Marty Carter, a communication consultant in Jefferson, Maine, recently encountered a family facing that conundrum. The case involves two siblings. One is a successful doctor who worked his way through medical school, and the other is affectionately known as the family slouch. The parents decide to give the doctor less money because he doesn't really need it, and more to the other child, whose financial future looks shaky. Is it fair to in effect punish the doctor for being successful while rewarding the other for having little ambition? On the other hand, would it be fair to give them both equal shares when one has a greater need? "Parents are trying to reach Solomon-like decisions in their giving," says Dychtwald.

An 80-year-old dad from Orville, Calif., is still torn about the inheritance he is leaving his three sons. The youngest, by the father's candid description, "fritters his life away, drinking it up, getting involved with strange women," and living in a one-room apartment. This parent gave serious thought to decreasing that son's share. "I talked myself out of it. He's still my son, and that wouldn't be fair. I just hope he sees the error of his ways," he says.

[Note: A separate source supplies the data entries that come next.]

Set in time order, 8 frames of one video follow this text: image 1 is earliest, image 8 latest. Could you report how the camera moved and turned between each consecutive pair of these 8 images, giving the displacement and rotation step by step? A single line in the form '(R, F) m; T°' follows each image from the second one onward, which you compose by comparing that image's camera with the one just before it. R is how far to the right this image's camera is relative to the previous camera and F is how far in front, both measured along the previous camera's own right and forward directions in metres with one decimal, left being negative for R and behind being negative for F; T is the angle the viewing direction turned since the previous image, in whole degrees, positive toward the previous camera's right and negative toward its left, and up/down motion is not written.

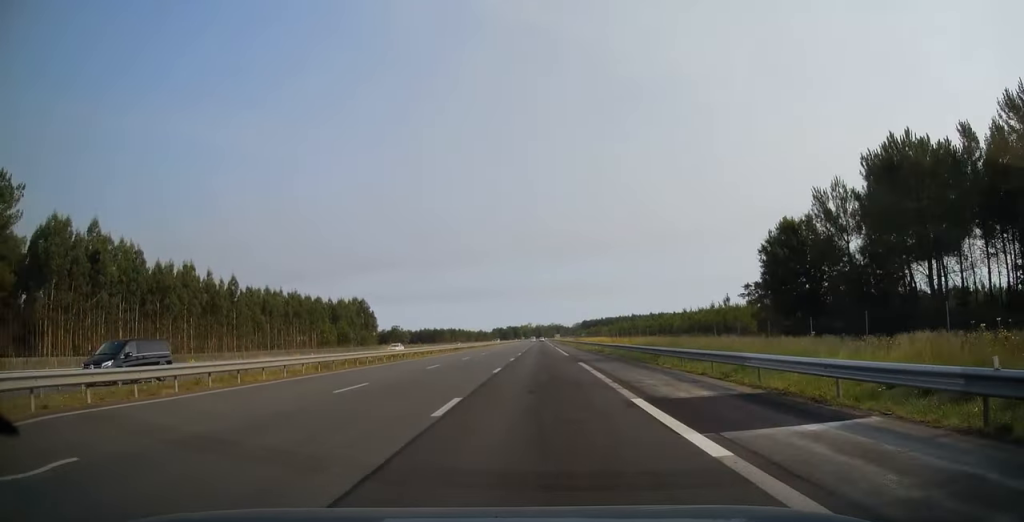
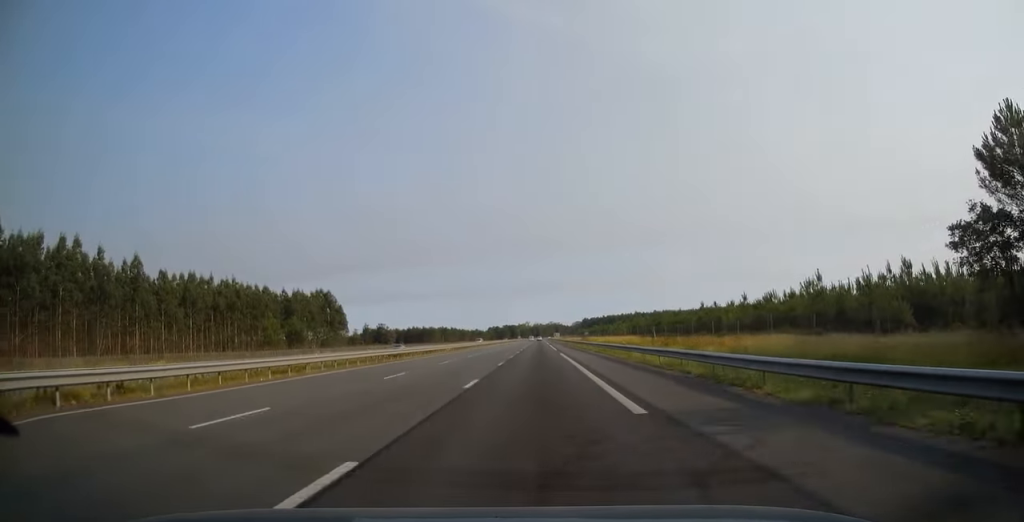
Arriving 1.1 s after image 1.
(0.0, +33.1) m; 0°
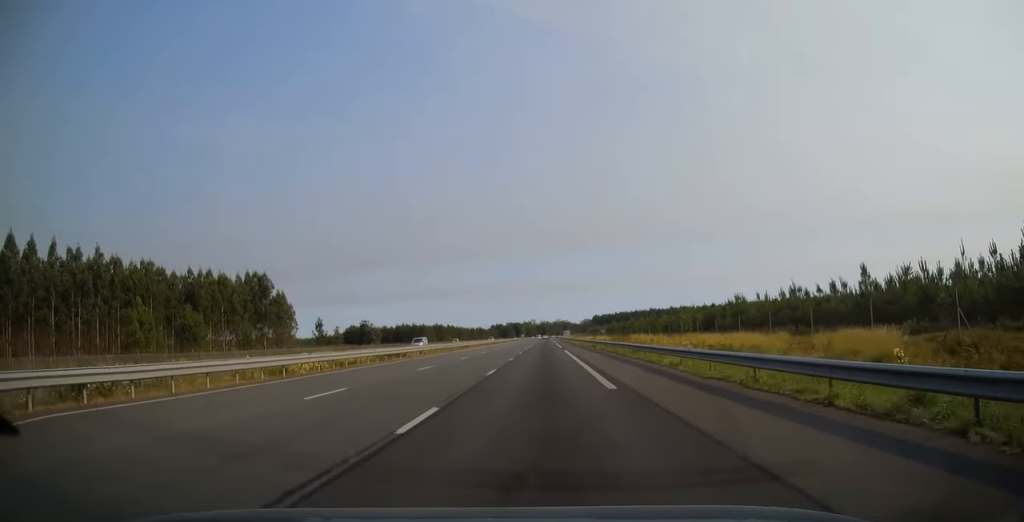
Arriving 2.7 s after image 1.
(-0.3, +47.2) m; 0°
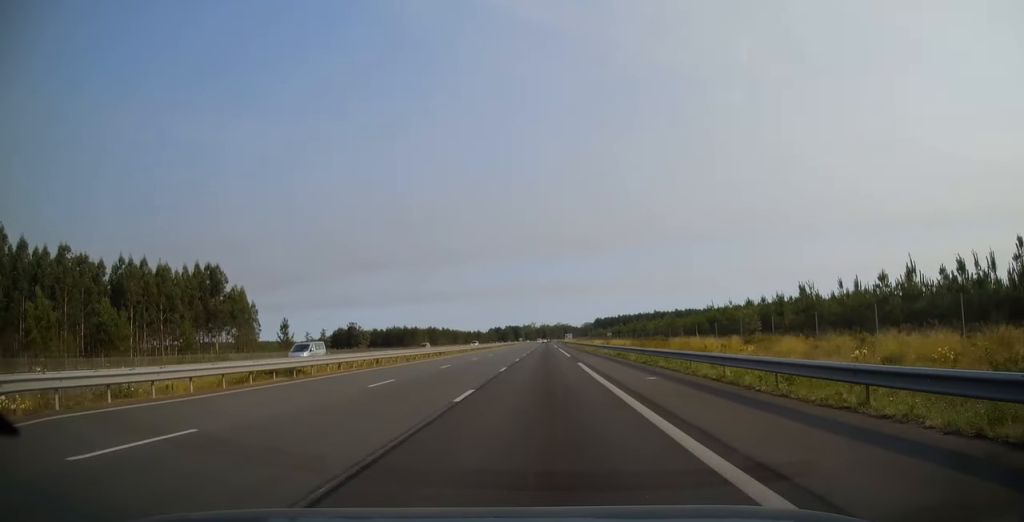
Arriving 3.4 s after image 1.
(0.0, +21.1) m; 0°
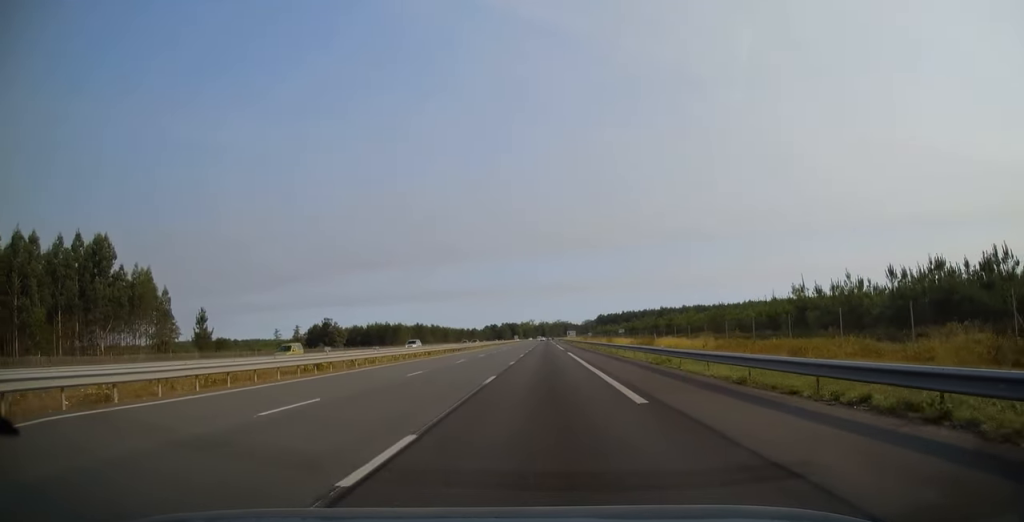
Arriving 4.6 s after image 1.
(0.0, +33.9) m; 0°
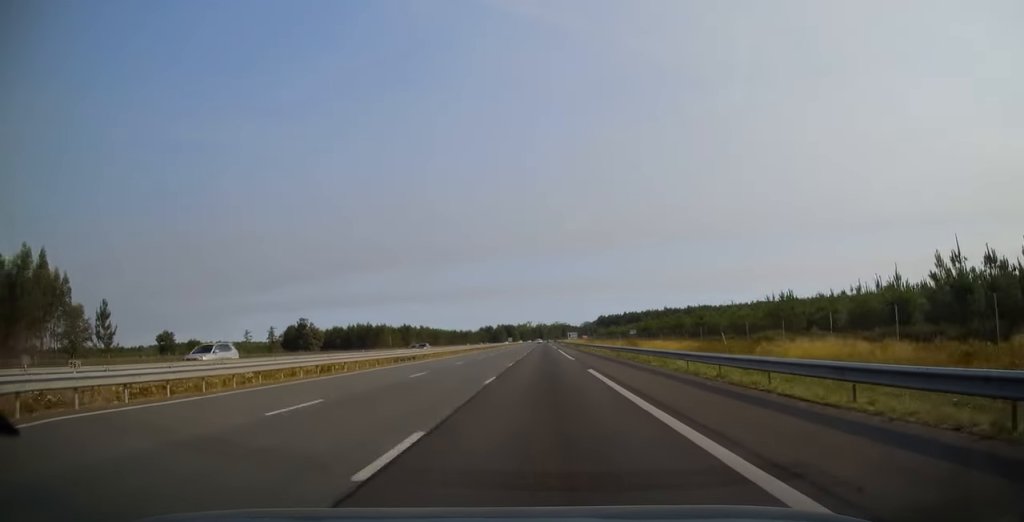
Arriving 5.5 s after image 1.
(0.0, +25.5) m; 0°
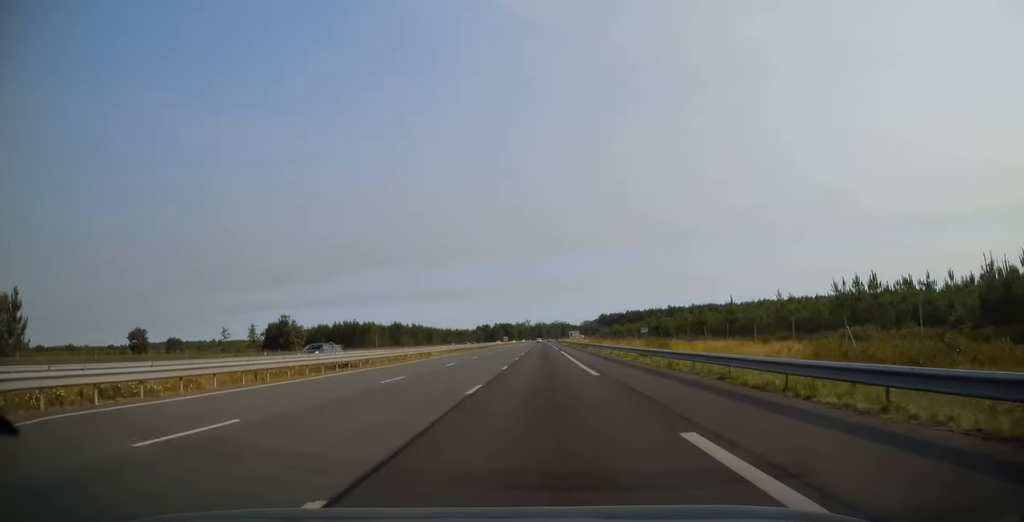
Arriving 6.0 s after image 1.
(0.0, +17.1) m; 0°
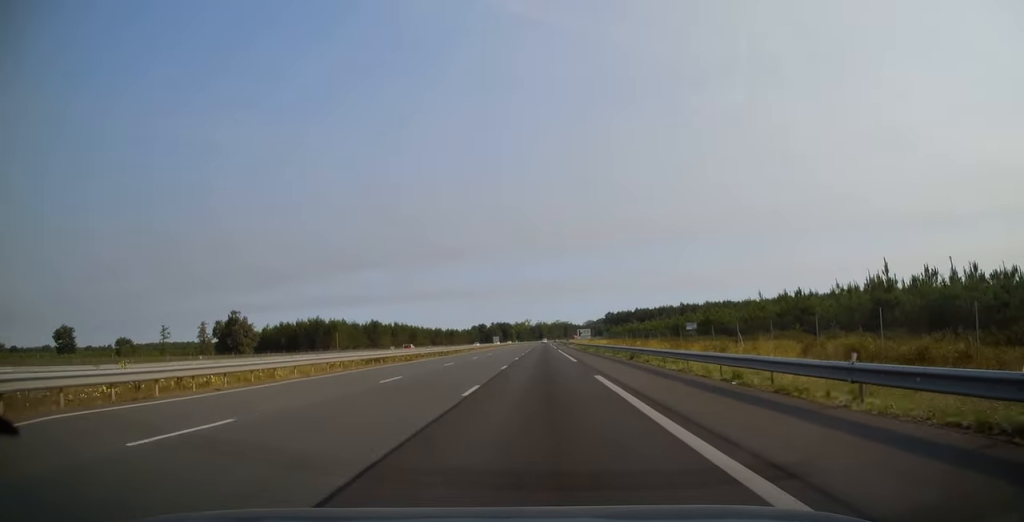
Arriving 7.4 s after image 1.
(0.0, +39.3) m; 0°

It's easy to understand why parents feel so conflicted: Children are apt to take a parent's will as a final report card. "It goes deeper than money; it goes to love," says Jed Albert, a partner with Farrell Fritz, a wealth-management law firm in Uniondale, N.Y. "One child feels loved less, and it destroys relationships." Doug Neal, a principal in Neal Financial Group in Houston, recalls his resentment after his maternal grandmother gave 40 acres of prime farmland in Minnesota to a distant cousin, while he, a direct successor, was left with a souvenir pillow from South Dakota. "Needless to say, I don't have a need to visit those people anymore," he says.

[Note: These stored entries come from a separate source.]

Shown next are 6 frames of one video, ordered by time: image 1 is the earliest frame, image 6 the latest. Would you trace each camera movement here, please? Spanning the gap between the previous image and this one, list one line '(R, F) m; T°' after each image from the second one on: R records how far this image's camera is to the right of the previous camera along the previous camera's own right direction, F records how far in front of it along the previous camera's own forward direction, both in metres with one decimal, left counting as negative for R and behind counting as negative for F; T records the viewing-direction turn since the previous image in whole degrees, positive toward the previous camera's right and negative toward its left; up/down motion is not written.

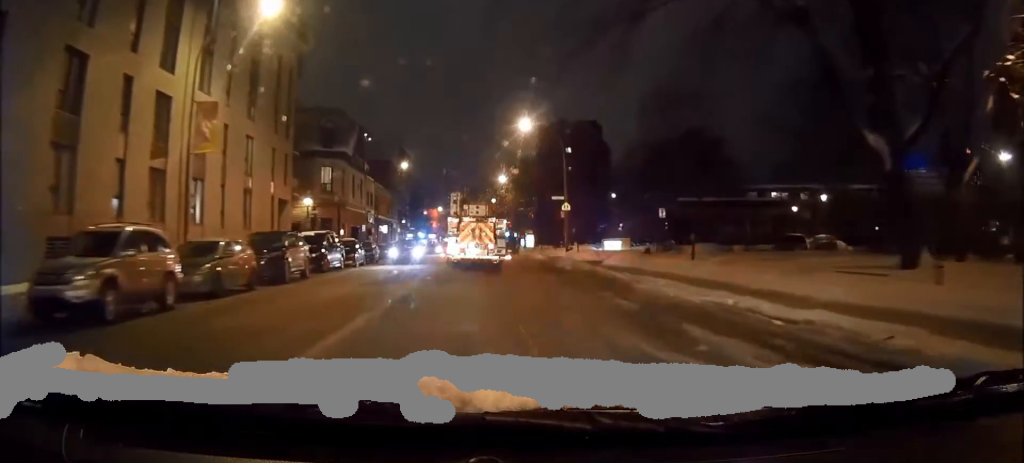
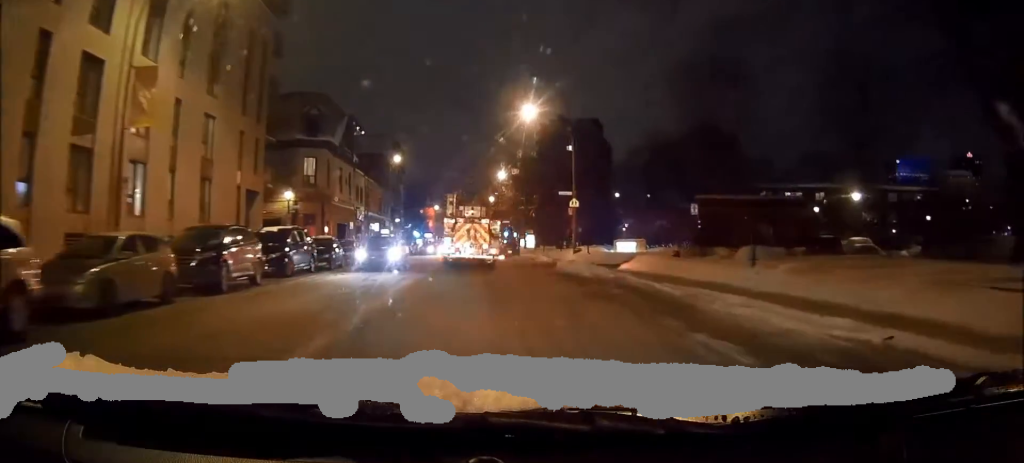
(+0.1, +5.2) m; +1°
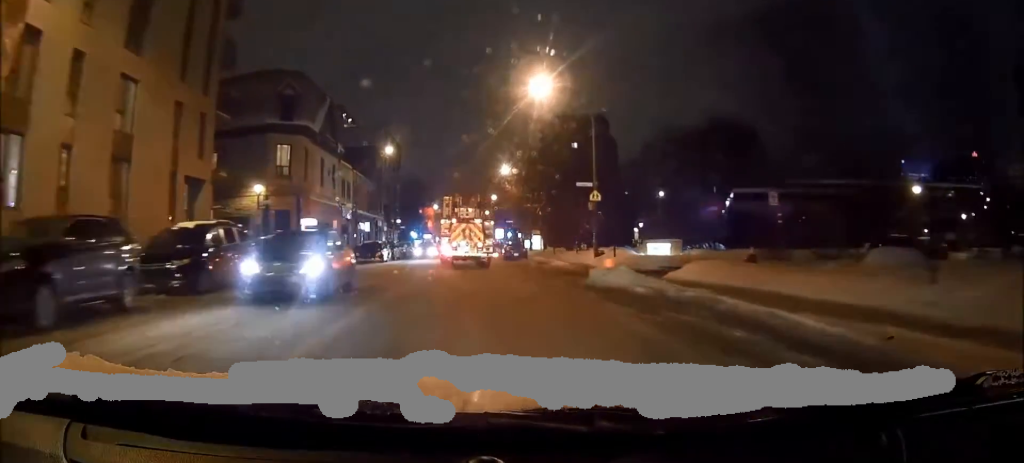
(-0.1, +7.9) m; -1°
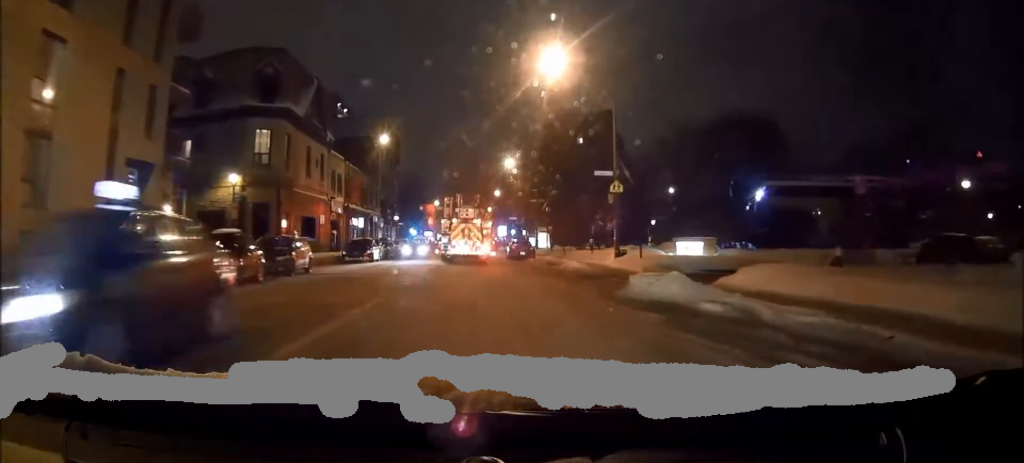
(0.0, +5.3) m; 0°
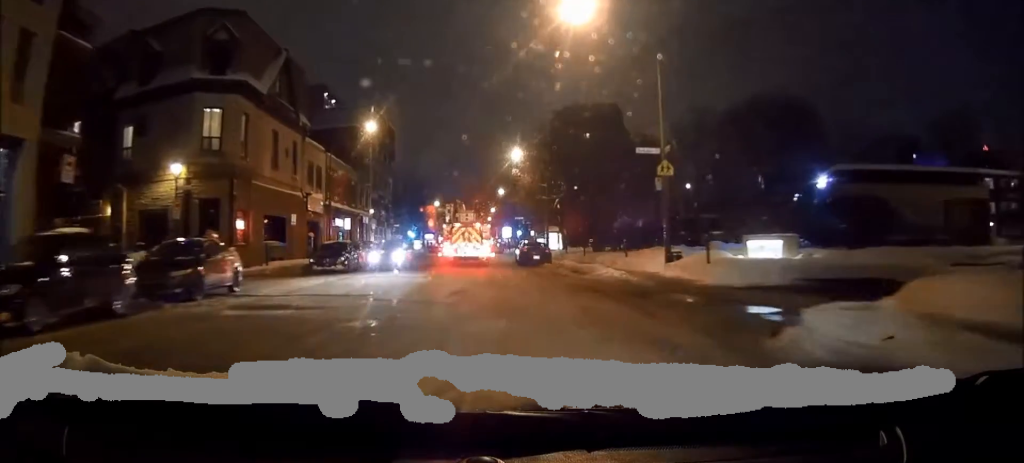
(-0.1, +8.6) m; -1°
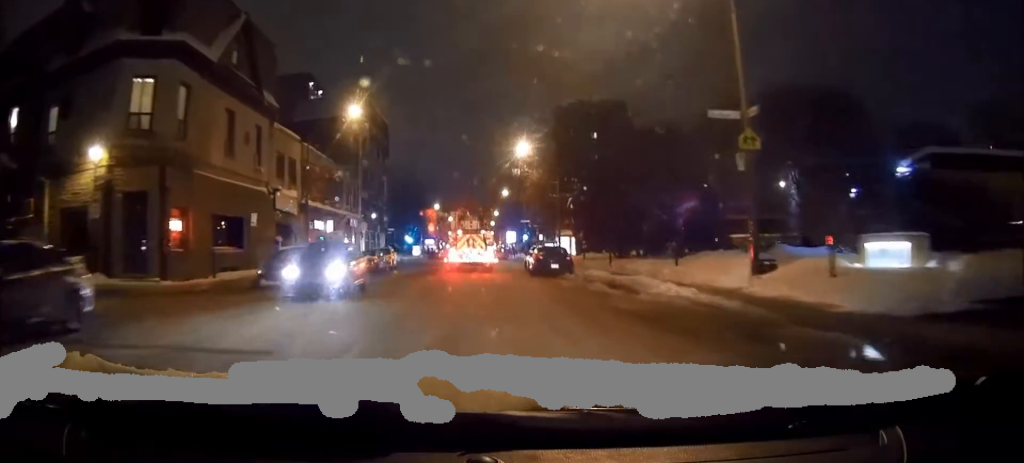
(0.0, +7.9) m; 0°

Like Neal, most children have an expectation of some inheritance. And therein lies the real problem, according to Hendlin, author of Overcoming the Inheritance Taboo. "We view inheritance as a birthright, because we're taught that love means giving," he explains. That's why inheritance will always be a hot-button issue, because it's highly emotional. "Logic goes out the window," says Farber. Hendlin argues in his book that the sign of a healthy and mature adult is the ability to give up any expectation of inheritance of any kind. Children across the nation could be liberated forever from psychological suffering, he says, if they would just let go of the infantile wish to be taken care of forever by parents.

Now that kind of thinking is really out there.